I am not particularly in favor of adding a public KokkosComm::mpi namespace. Can we put it in an Experimental namespace?
Else, I am in favor of merging this PR as it really improves code architecture., thanks a lot!
| @@ -0,0 +1,48 @@ | |||
| //@HEADER | |||
There was a problem hiding this comment.
I am not sure naming this file "mpi.hpp" is a good idea.
|
|
||
| #include <type_traits> | ||
|
|
||
| #include "../concepts.hpp" |
There was a problem hiding this comment.
Try to avoid relative paths in "public" includes.
|
Do we want to go ahead and just merge this? We could open small issues and gradually fix the various remarks we have brought up here. |
|
Let's merge this, and then I can open up issues for the comments here. I need an approving review though 😄 |
dssgabriel
left a comment
There was a problem hiding this comment.
Let's merge this and open issues for the relevant remarks we've made in the PR.
Main points I have in mind at the moment are:
- re-organize the files to match ISO C++ library design
- move the
mpinamespace behindExperimental
First part of #100
Introduce
TransportCommunicationSpaceconceptThis is all modeled after Kokkos Core execution spaces. Each will have its own subdirectory under src (like Kokkos' backends). The interface that each comm space needs to implement is a struct. For example,
Irecv, fromKokkosComm_fwd.hpp:Why a
struct? Because in practice what this means is that the comm space will have a partial specialization (not allowed for functions) that looks like this (frommpi/KokkosComm_mpi_irecv.hpp):Where
Mpiis astructin theKokkosCommnamespace, analogous to e.g.Kokkos::Cuda. A Serial transport would have a correspondingNCCL would have
and so on.
To support this, a lot of the include structure needs to be refined and adjusted to more closely match how Kokkos Core does it.
Future work:
Introduce a
KokkosComm::HandleThis hides the CommunicationSpace details from the KokkosComm interface. It's specialized on each CommunicationSpace. For MPI, this holds a Kokkos execution space instance and an MPI communicator.

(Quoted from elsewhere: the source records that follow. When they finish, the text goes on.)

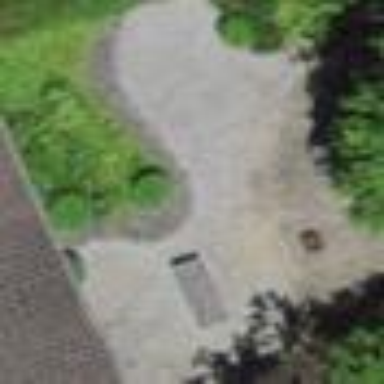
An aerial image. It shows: Garage.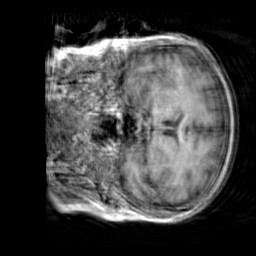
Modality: T1w
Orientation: coronal
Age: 63
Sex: female
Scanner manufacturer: siemens
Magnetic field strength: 3 T
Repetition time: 2.3 s
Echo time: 0.00303 s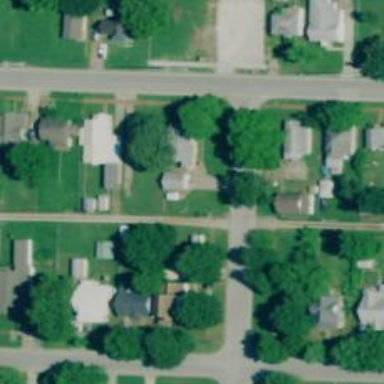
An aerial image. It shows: Alley classified as service road.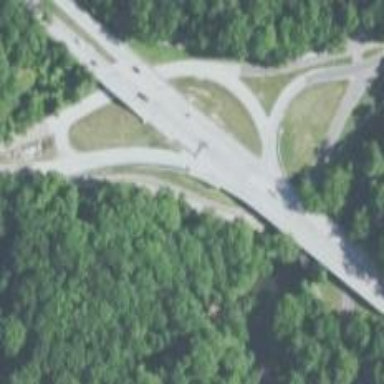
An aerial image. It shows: Primary link highway that goes over bridge.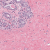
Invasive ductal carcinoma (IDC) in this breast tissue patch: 0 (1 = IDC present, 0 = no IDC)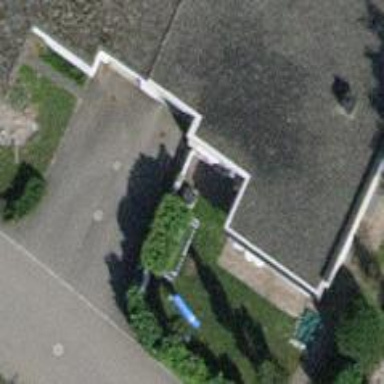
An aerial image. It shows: Terrace building.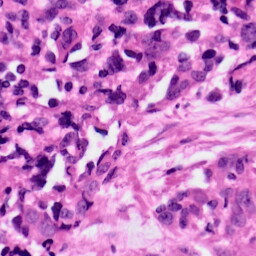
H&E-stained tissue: Ovarian
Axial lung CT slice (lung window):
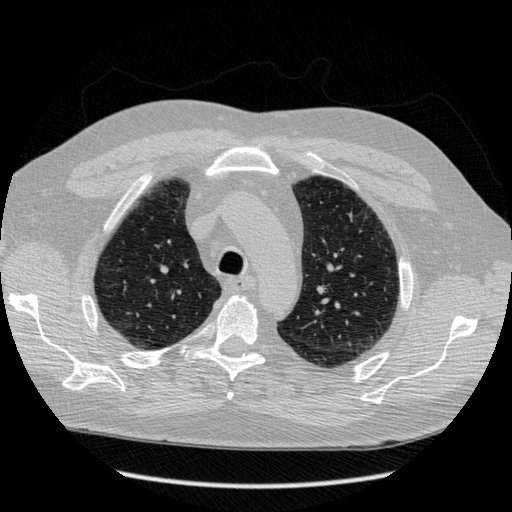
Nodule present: no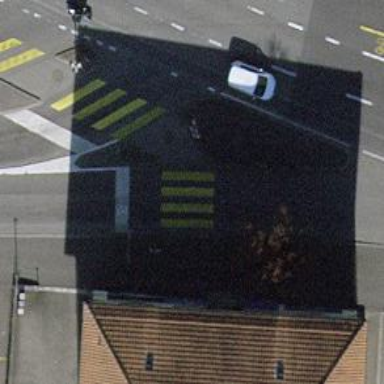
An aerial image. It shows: Road with traffic signals.
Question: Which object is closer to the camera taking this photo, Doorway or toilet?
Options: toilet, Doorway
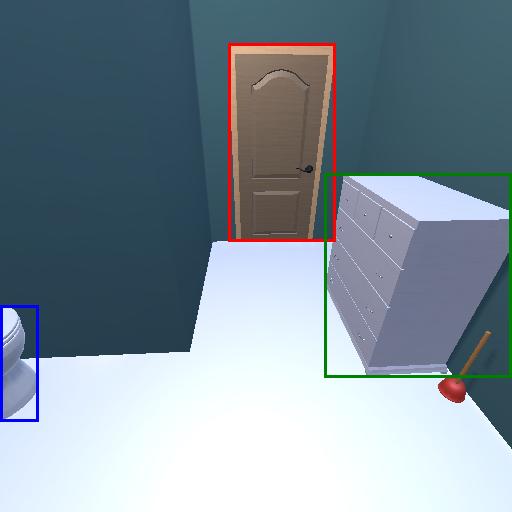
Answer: toilet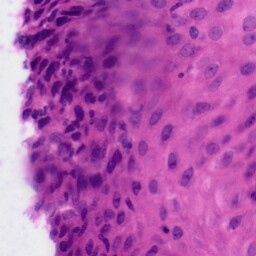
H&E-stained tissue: Tonsil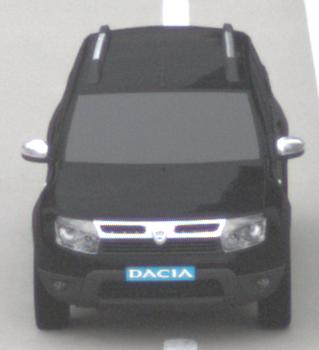
Make: Dacia
Model: Duster dCi 110 FAP
Detailed model: Duster (I)
Model produced from: 2010/06
Model produced until: 2013/11
Doors: 5
Color: black
Road condition: dry road
Daytime: morning or afternoon
Contrast: low contrast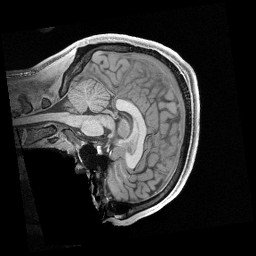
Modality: T1w
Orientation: sagittal
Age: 21
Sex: male
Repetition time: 2.4 s
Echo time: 0.00222 s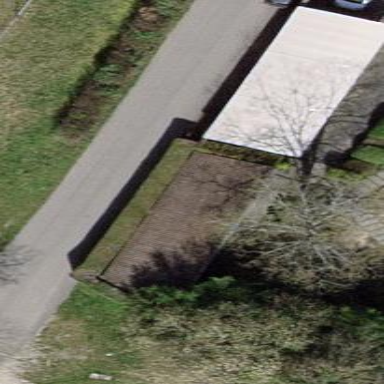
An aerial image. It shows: View of roof of building.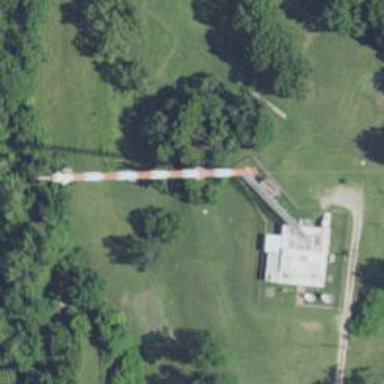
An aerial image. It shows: Communications tower of type communication.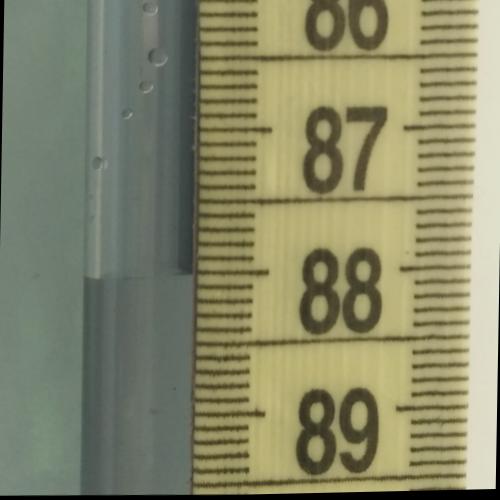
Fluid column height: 88.0 cm

Reduce main interface to 3 functions:
Move MPI-specific wrappers to
mpinamespaceThis is so we can still have useful MPI interop stuff but it's not part of the "blessed" interface
Update unit tests and perf tests for new layout
Many unit-tests are now MPI specific. All perf_tests are only built if MPI is built (this could be revisited when other Transports are done).
Move
CommModeand related interfaces tompinamespaceThis is MPI-specific stuff. I also made the CommMode stuff more canonically C++
ReadyCommMode -> CommModeReadyAdd some additional support for non-contiguous views along existing lines
A
Req<Mpi>knows how to keep track of some lambda functions it can call after MPI_Wait (e.g. to unpack the result of an MPI_IRecv).Grab-bag
req.wait->KokkosComm::wait(req);wait_anyandwait_all.